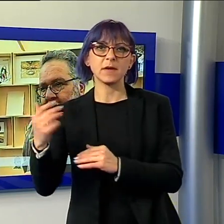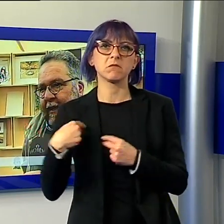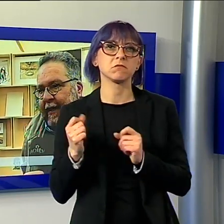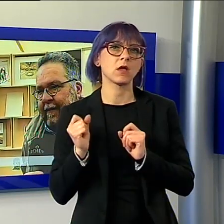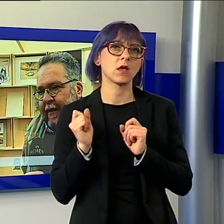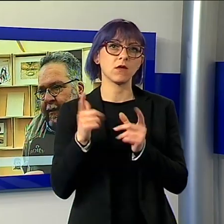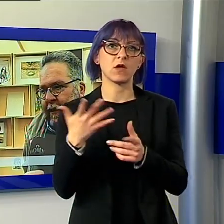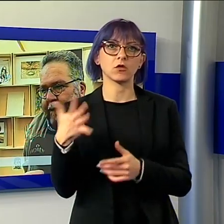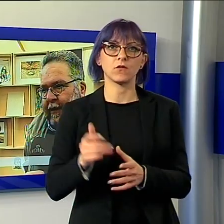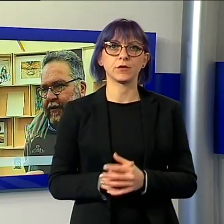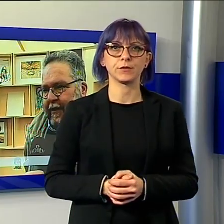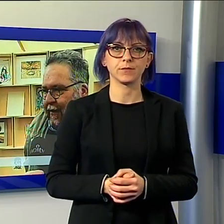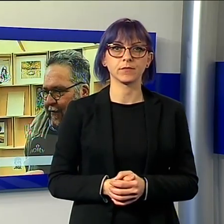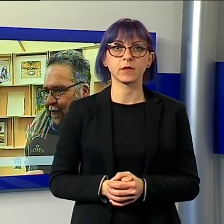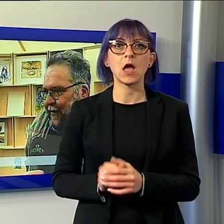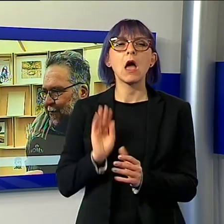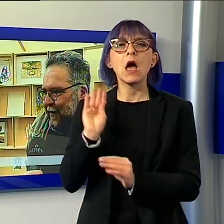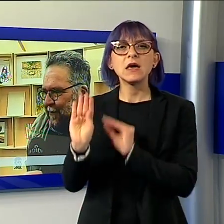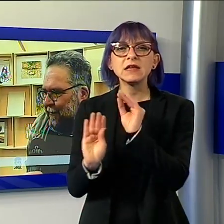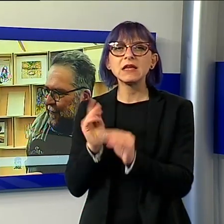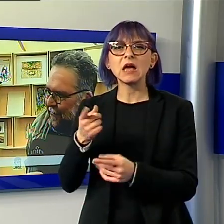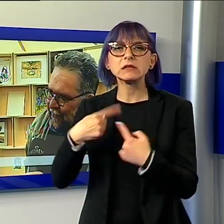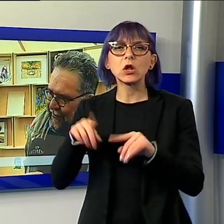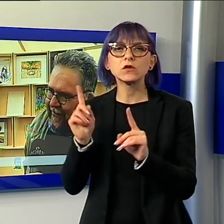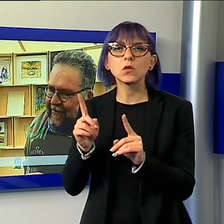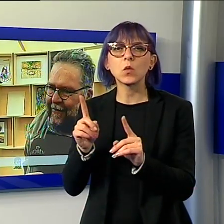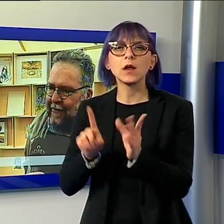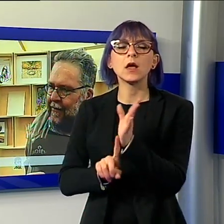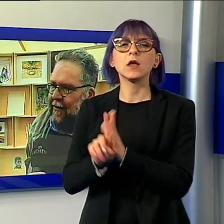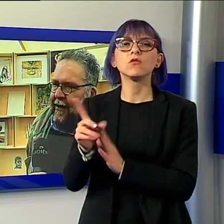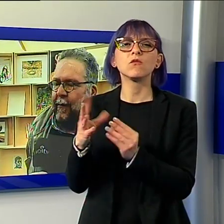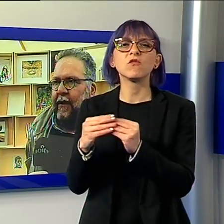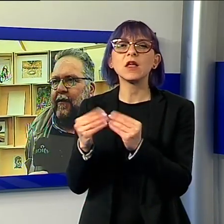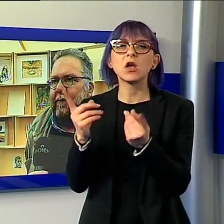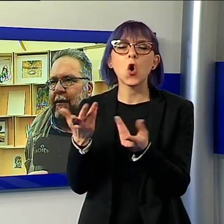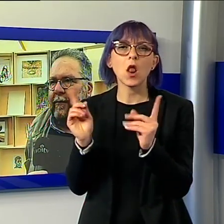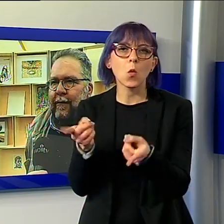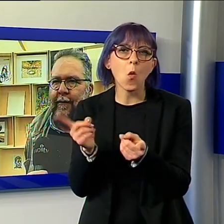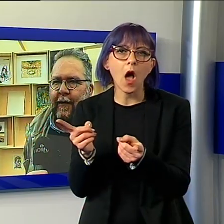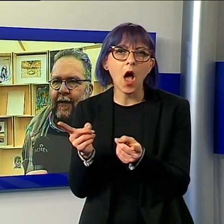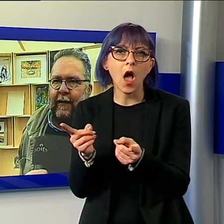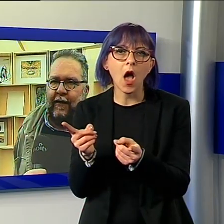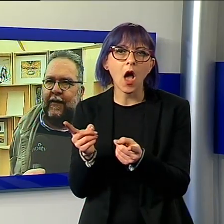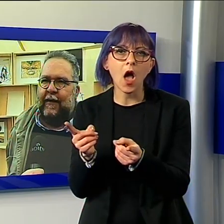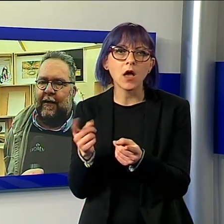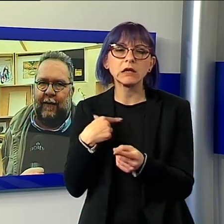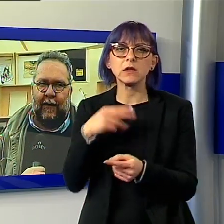richiesta era quella fateci vedere cosa fate ora dopo aver fatto il liceo artistico. Quindi abbiamo chi dipinge, chi fa l
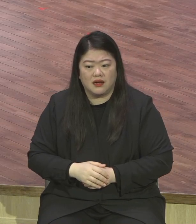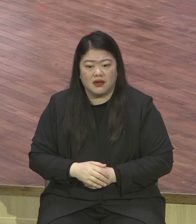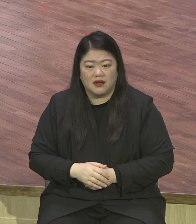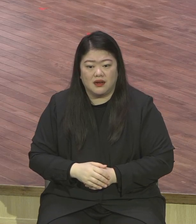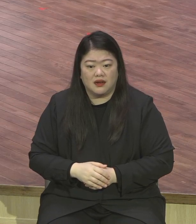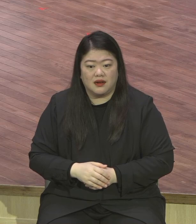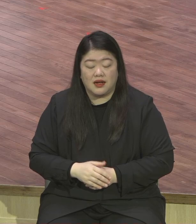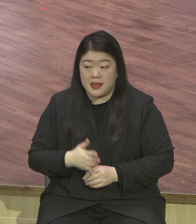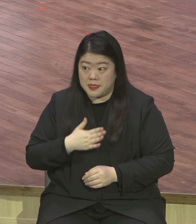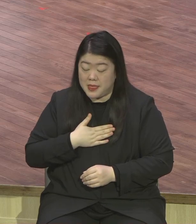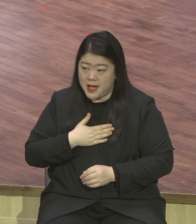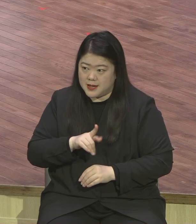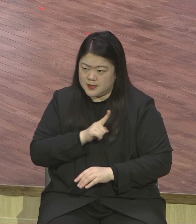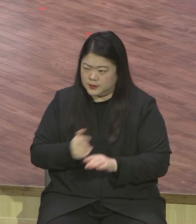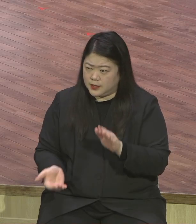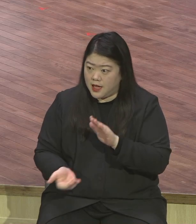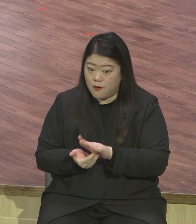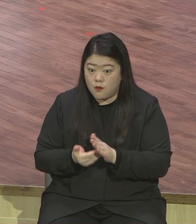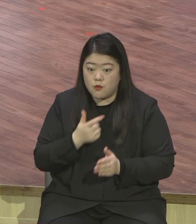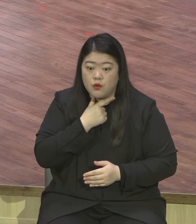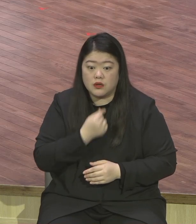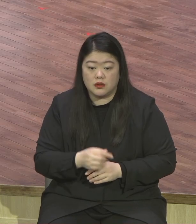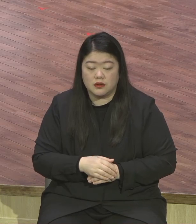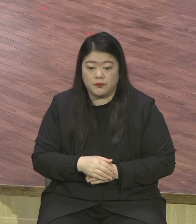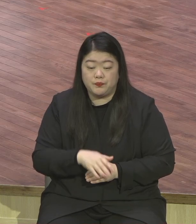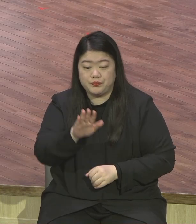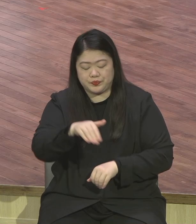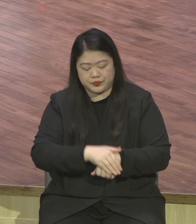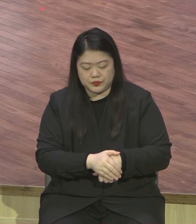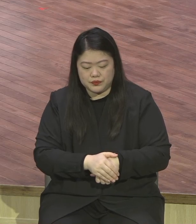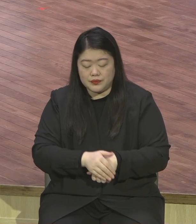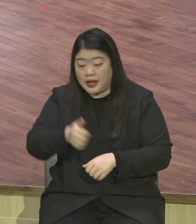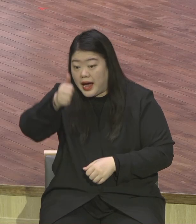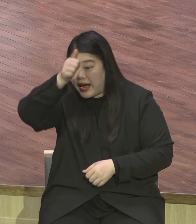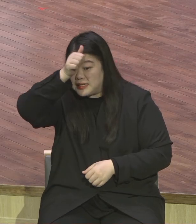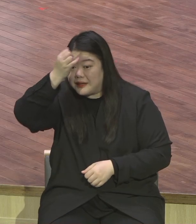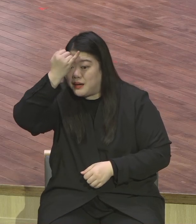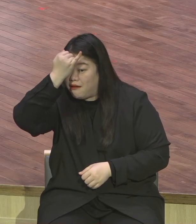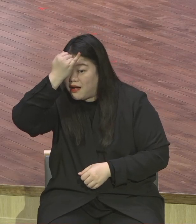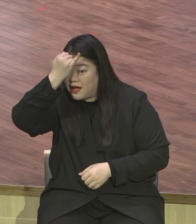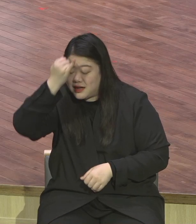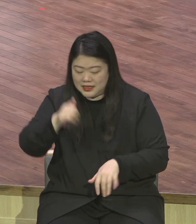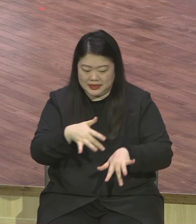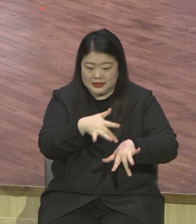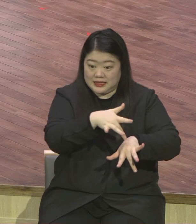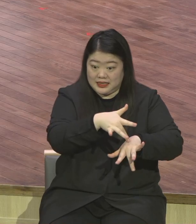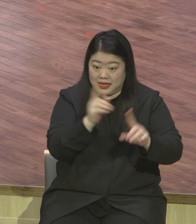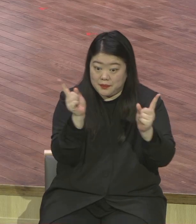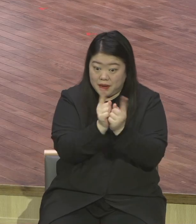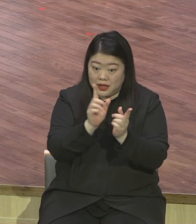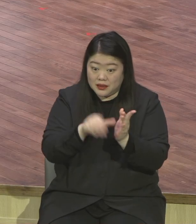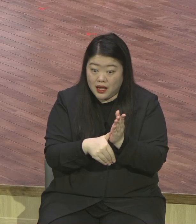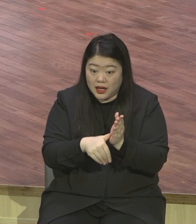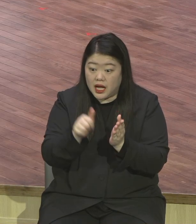사단이 속임수거든요. 야 너도 이거 먹으면 하나님처럼 돼 선악을 알게 돼
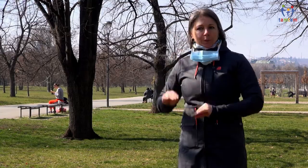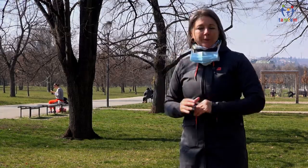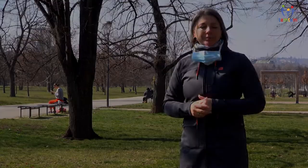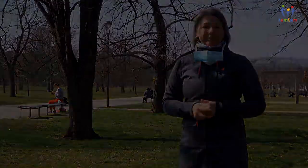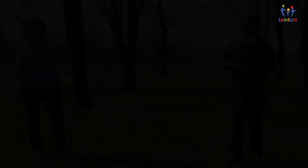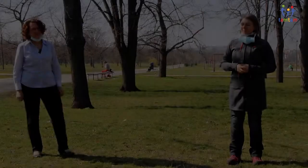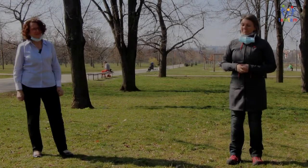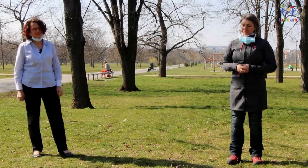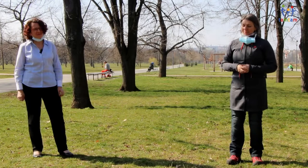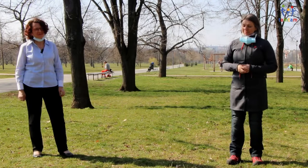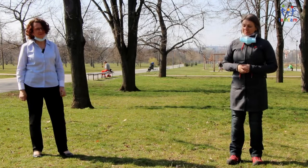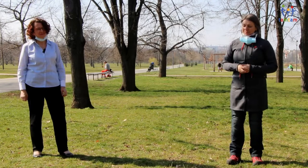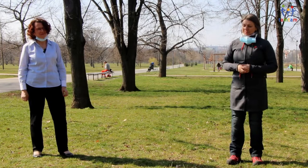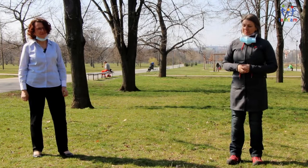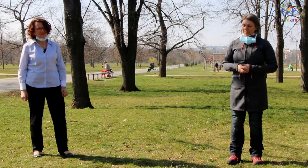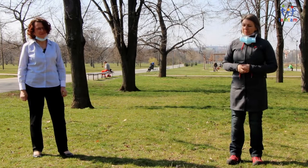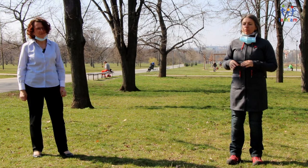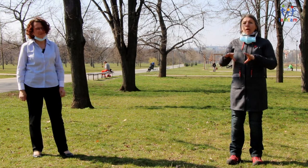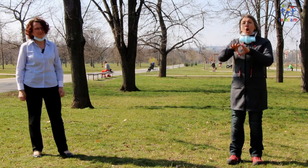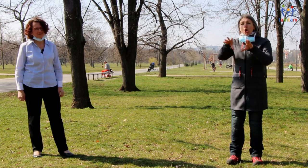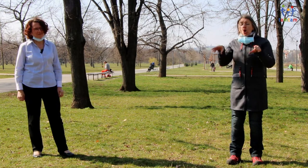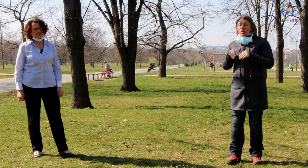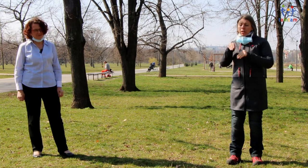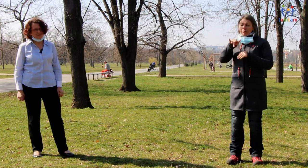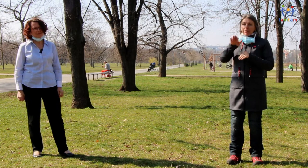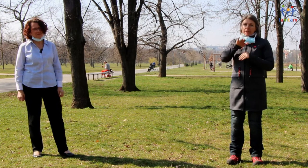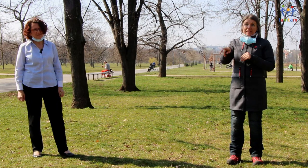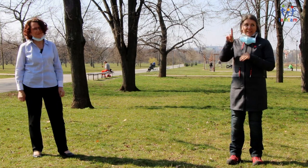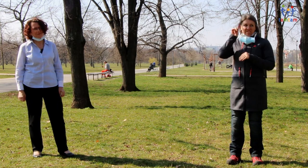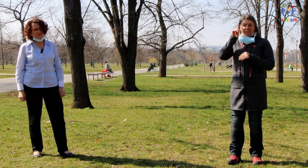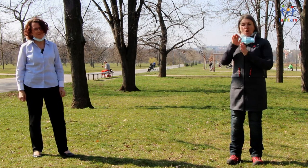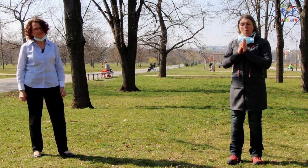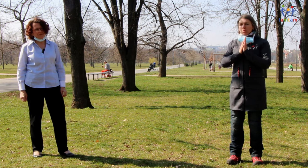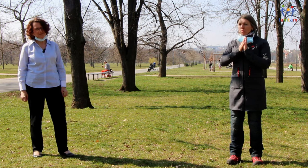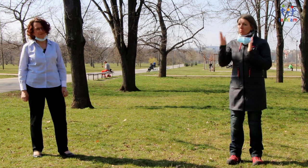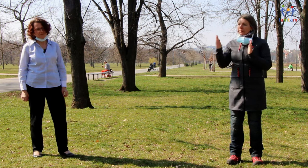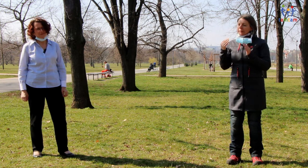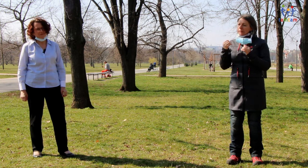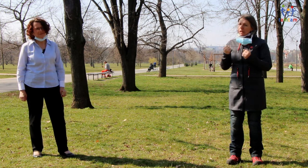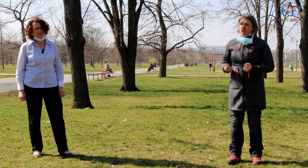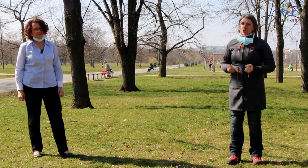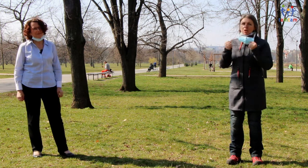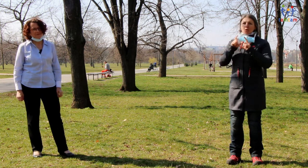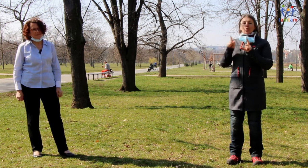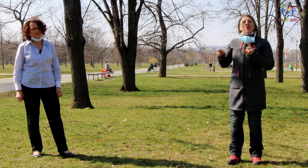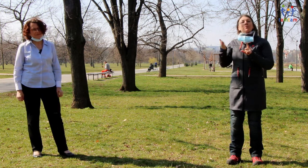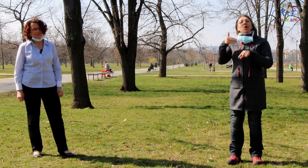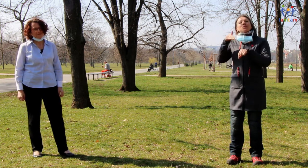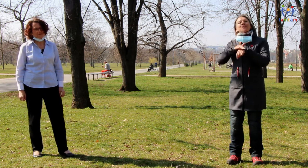Pro rodiny s dětmi je tohle období extrémně náročné, protože dětem je narušen denní běžný režim. Co

=-=-=

Please keep every line of the data the same when you reproduce it, and keep every picture out.

Exercise output
richiesta era quella fateci vedere cosa fate ora dopo aver fatto il liceo artistico. Quindi abbiamo chi dipinge, chi fa l
사단이 속임수거든요. 야 너도 이거 먹으면 하나님처럼 돼 선악을 알게 돼
Pro rodiny s dětmi je tohle období extrémně náročné, protože dětem je narušen denní běžný režim. Co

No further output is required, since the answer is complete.